Walk through a file directory and return an iterator of files that match requirements. Will autodetect if name has glob as magic characters.

Note: For the example below, you can use find_files_list to return as a list, this is simply an easy way to show the output.

list(reusables.find_files(name="ex", match_case=True))
# ['C:\example.pdf',
#  'C:\My_exam_score.txt']

list(reusables.find_files(name="*free*"))
# ['C:\my_stuff\Freedom_fight.pdf']

list(reusables.find_files(ext=".pdf"))
# ['C:\Example.pdf',
#  'C:\how_to_program.pdf',
#  'C:\Hunks_and_Chicks.pdf']

list(reusables.find_files(name="*chris*"))
# ['C:\Christmas_card.docx',
#  'C:\chris_stuff.zip']

Parameters:

directory – Top location to recursively search for matching files
ext – Extensions of the file you are looking for
name – Part of the file name
match_case – If name or ext has to be a direct match or not
disable_glob – Do not look for globable names or use glob magic check
depth – How many directories down to search
abspath – Return files with their absolute paths
enable_scandir – on python < 3.5 enable external scandir package

Returns:

generator of all files in the specified directory

find_files_list(*args, **kwargs)¶: Returns a list of find_files generator

join_here(*paths, **kwargs)¶

Join any path or paths as a sub directory of the current file’s directory.

reusables.join_here("Makefile")
# 'C:\Reusables\Makefile'

Parameters:	paths – paths to join together kwargs – ‘strict’, do not strip os.sep kwargs – ‘safe’, make them into a safe path it True
Returns:	abspath as string

join_paths(*paths, **kwargs)¶

Join multiple paths together and return the absolute path of them. If ‘safe’ is specified, this function will ‘clean’ the path with the ‘safe_path’ function. This will clean root decelerations from the path after the first item.

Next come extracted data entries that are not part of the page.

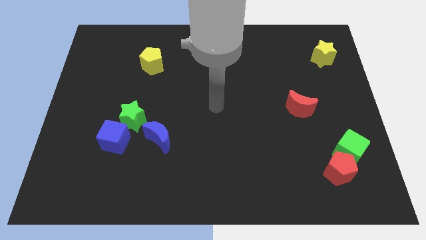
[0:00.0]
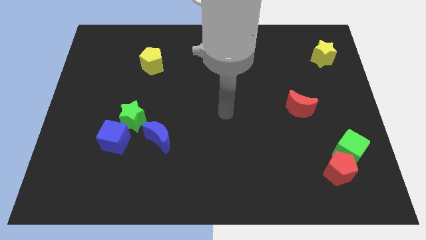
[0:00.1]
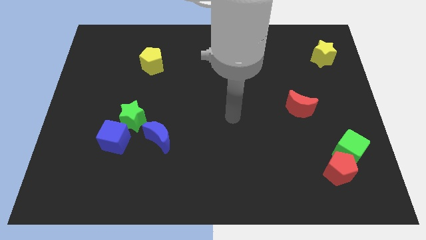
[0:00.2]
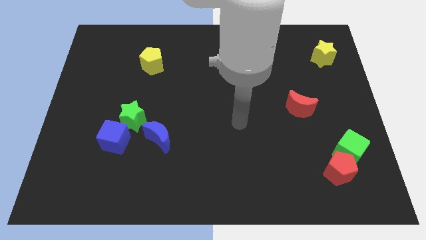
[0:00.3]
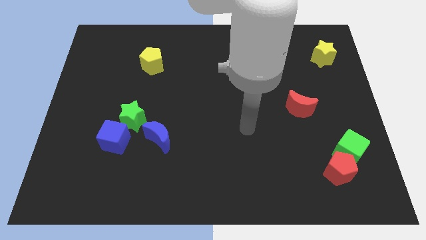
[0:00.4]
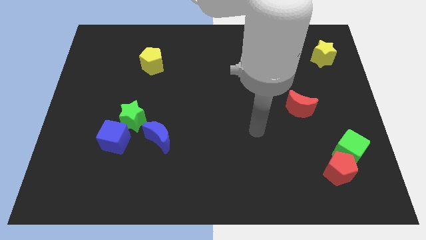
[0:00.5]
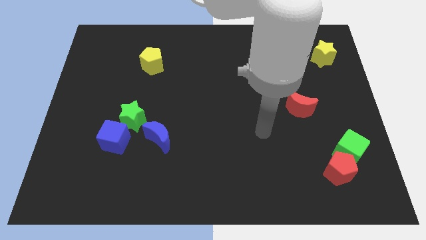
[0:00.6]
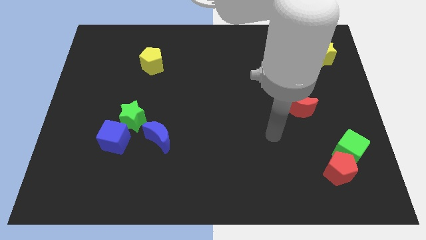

Would like to do ‘safe=False’ instead of ‘**kwargs’ but stupider versions of python cough 2.6 don’t like that after ‘*paths’.

Parameters:	paths – paths to join together kwargs – ‘safe’, make them into a safe path it True
Returns:	abspath as string

remove_empty_directories(root_directory, dry_run=False, ignore_errors=True, enable_scandir=False)¶

Remove all empty folders from a path. Returns list of empty directories.

Parameters:	root_directory – base directory to start at dry_run – just return a list of what would be removed ignore_errors – Permissions are a pain, just ignore if you blocked enable_scandir – on python < 3.5 enable external scandir package
Returns:	list of removed directories

remove_empty_files(root_directory, dry_run=False, ignore_errors=True, enable_scandir=False)¶

Remove all empty files from a path. Returns list of the empty files removed.

Parameters:	root_directory – base directory to start at dry_run – just return a list of what would be removed ignore_errors – Permissions are a pain, just ignore if you blocked enable_scandir – on python < 3.5 enable external scandir package
Returns:	list of removed files

safe_filename(filename, replacement='_')¶

Replace unsafe filename characters with underscores. Note that this does not test for “legal” names accepted, but a more restricted set of: Letters, numbers, spaces, hyphens, underscores and periods.

Parameters:	filename – name of a file as a string replacement – character to use as a replacement of bad characters
Returns:	safe filename string

safe_path(path, replacement='_')¶

Replace unsafe path characters with underscores. Do NOT use this with existing paths that cannot be modified, this to to help generate new, clean paths.

Supports windows and *nix systems.

Parameters:	path – path as a string replacement – character to use in place of bad characters
Returns:	a safer path

touch(path)¶

Native ‘touch’ functionality in python

Parameters:	path – path to file to ‘touch’